Он стоял, заложив руки назад, и смотрел – не смотрел, а рассматривал потупившегося Антона.
– Ну, что же ты?.. Рассказывай!..
Нина Павловна рада была вмешательству Якова Борисовича. Теперь как раз был тот момент, когда особенно казался необходимым авторитетный мужской голос, о котором она мечтала. Но в то же время она чувствовала, что у Якова Борисовича все было не то: и вопрос не тот, и тон не тот, и усмешка не та – ненужная, обидная, злорадная какая-то усмешка… А на лице у Антона она видела упрямое, жесткое выражение, которое уже не раз пугало ее. Поэтому она вмешалась и стала сама рассказывать о том, что узнала в милиции.
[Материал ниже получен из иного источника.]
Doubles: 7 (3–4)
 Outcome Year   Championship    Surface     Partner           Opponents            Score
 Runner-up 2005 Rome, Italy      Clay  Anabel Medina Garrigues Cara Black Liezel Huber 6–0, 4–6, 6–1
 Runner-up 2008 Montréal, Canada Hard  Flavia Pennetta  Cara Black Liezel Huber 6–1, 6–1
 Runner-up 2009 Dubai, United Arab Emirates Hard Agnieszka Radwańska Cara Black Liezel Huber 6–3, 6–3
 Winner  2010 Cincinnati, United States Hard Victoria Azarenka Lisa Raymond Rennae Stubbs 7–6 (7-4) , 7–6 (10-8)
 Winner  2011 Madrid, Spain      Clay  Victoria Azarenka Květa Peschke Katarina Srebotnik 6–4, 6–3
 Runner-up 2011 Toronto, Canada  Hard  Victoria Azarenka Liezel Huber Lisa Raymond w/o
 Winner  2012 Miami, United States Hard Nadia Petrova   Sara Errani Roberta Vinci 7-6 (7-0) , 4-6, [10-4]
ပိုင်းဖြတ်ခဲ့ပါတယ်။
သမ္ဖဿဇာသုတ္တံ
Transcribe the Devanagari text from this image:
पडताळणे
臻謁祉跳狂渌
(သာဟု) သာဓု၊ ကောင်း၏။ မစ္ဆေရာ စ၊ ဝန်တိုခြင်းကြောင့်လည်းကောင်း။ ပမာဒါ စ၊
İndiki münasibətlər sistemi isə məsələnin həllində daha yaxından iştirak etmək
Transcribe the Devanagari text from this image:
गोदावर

– А почему об этом мама рассказывает? – перебил ее Яков Борисович. – Почему обо всем не может рассказать сам герой? И именно – обо всем! Потому что история в кино – только следствие чего-то еще, другого. Правильно?
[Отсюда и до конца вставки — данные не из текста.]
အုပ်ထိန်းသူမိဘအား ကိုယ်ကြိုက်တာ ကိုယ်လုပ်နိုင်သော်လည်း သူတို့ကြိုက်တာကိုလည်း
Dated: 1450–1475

Яков Борисович требовательно смотрел на Антона, но тот отмалчивался, глядя и сторону.
– Вот это хуже всего! – с убежденностью, которая когда-то так понравилась в нем Нине Павловне, сказал Яков Борисович. – Хуже всего! Если человек совершает какую-то ошибку и не может честно признаться в ней, проанализировать свое поведение, даже просто рассказать об этом, – чего же еще от него ждать?
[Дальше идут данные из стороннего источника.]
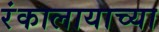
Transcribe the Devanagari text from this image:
रंकालायाच्या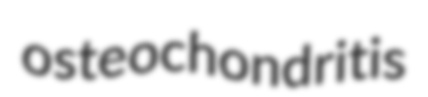
osteochondritis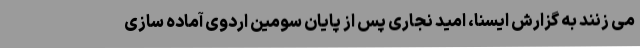
می زنند به گزارش ایسنا، امید نجاری پس از پایان سومین اردوی آماده سازی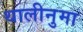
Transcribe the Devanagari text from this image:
थालीनुमा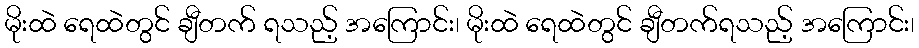
မိုးထဲ ရေထဲတွင် ချီတက် ရသည့် အကြောင်း၊ မိုးထဲ ရေထဲတွင် ချီတက်ရသည့် အကြောင်း၊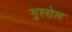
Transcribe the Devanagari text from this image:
गुस्सेल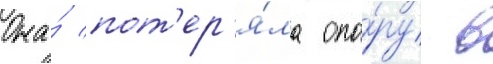
Она́ пот'ер'я́ла опо́ру в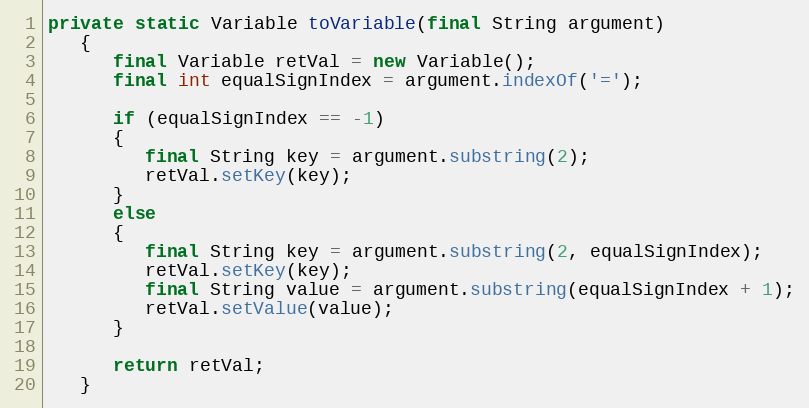
Language: Java
private static Variable toVariable(final String argument)
   {
      final Variable retVal = new Variable();
      final int equalSignIndex = argument.indexOf('=');

      if (equalSignIndex == -1)
      {
         final String key = argument.substring(2);
         retVal.setKey(key);
      }
      else
      {
         final String key = argument.substring(2, equalSignIndex);
         retVal.setKey(key);
         final String value = argument.substring(equalSignIndex + 1);
         retVal.setValue(value);
      }

      return retVal;
   }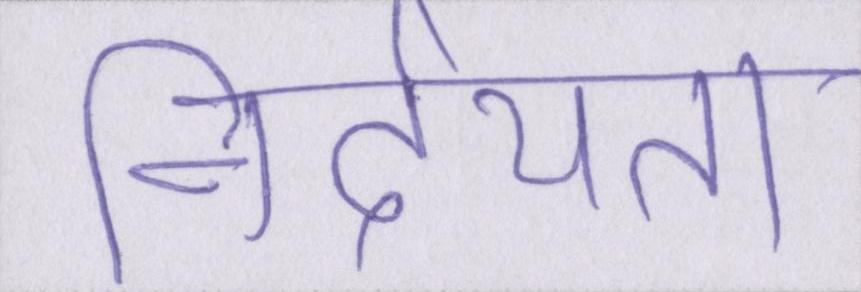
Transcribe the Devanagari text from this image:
निर्दयता

Нина Павловна тревожно глянула на Антона. Последние слова Якова Борисовича чем-то напоминали ей историю с самоваром, и она испугалась, что Антон тоже заметит это. Но Антон продолжал смотреть в угол, и на лице его было безразличие и упрямство. Это заметил, очевидно, и Яков Борисович, и в голосе его появилось раздражение, которое он, однако, быстро подавил.
– Искренность – основа честности, – сказал он, начиная ходить по комнате.
Это было признаком того, что Яков Борисович собирается произносить речь. И действительно, он дошел до столика с телевизором, постоял, очевидно продумывая то, что им сказано, а потом, повернувшись, продолжал:
– А может быть, наоборот… Может быть, и наоборот!.. Во всяком случае, между ними есть полная взаимозависимость. Диалектика, милый мой. Диалектика! Честность – основа всего. И в школе, и дома, и на производстве, и в общественной жизни, даже на улице. И вообще – какая может быть жизнь без честности? А у нас, в социалистическом обществе, тем более. Честь – это высший человеческий девиз! Вам об этом, вероятно, и в школе говорят, и в комсомоле… Хотя ты… Вот видишь, ты даже не комсомолец! Ты, вероятно, не читал Макаренко, Калинина. А как же без этого? Если воспитывать себя в коммунистическом духе, как же не обращаться к нашим классикам? Нужно равнять себя на большие горизонты жизни. Но этого нужно хотеть! А вот хочешь ли ты этого? И вообще – чего ты хочешь? Разобраться нужно в этом, разобраться! Я допускаю, сам ты не можешь, не в силах. Юность самонадеянна, но глупа. Так спроси! Поговори! Поделись!.. А ты молчишь!
Нина Павловна с удовольствием слушала эту убежденную, хотя и немного выспреннюю речь. Вот наконец Яков Борисович нашел, кажется, настоящий тон, тон наставника, почти отца, строгого, принципиального, умного, который не просто ругает, а убеждает и увязывает случившееся с большими горизонтами жизни. И тем больше ее поразило уже не упрямое, а почти злое, исступленное лицо, с которым Антон слушал отчима. Он впился в Якова Борисовича глазами и следил за ним, за каждым его движением, как он ходил от дивана до телевизора и обратно.
Вместо радости, которая только что охватывала ее, в душе Нины Павловны вдруг быстро, грозно стало нарастать необыкновенное волнение, тревога, почти отчаяние, и, когда все это достигло крайнего, невыносимого предела, она закричала:
– Чего же ты молчишь, на самом деле? Дрянь ты этакая! Дрянь! Другие дети как дети, от других матери радости видят, гордятся ими, а ты?.. Яков Борисович старается тебя на путь направить, он с тобой как с сыном, а ты…
Крик ее превратился в визг, готовый перейти в истерические слезы. Но в ответ на все это Антон сжал кулаки, напрягся как струна.
– С сыном? – тихо проговорил он. – Как с родным сыном? А его собственный сын где? Собственный!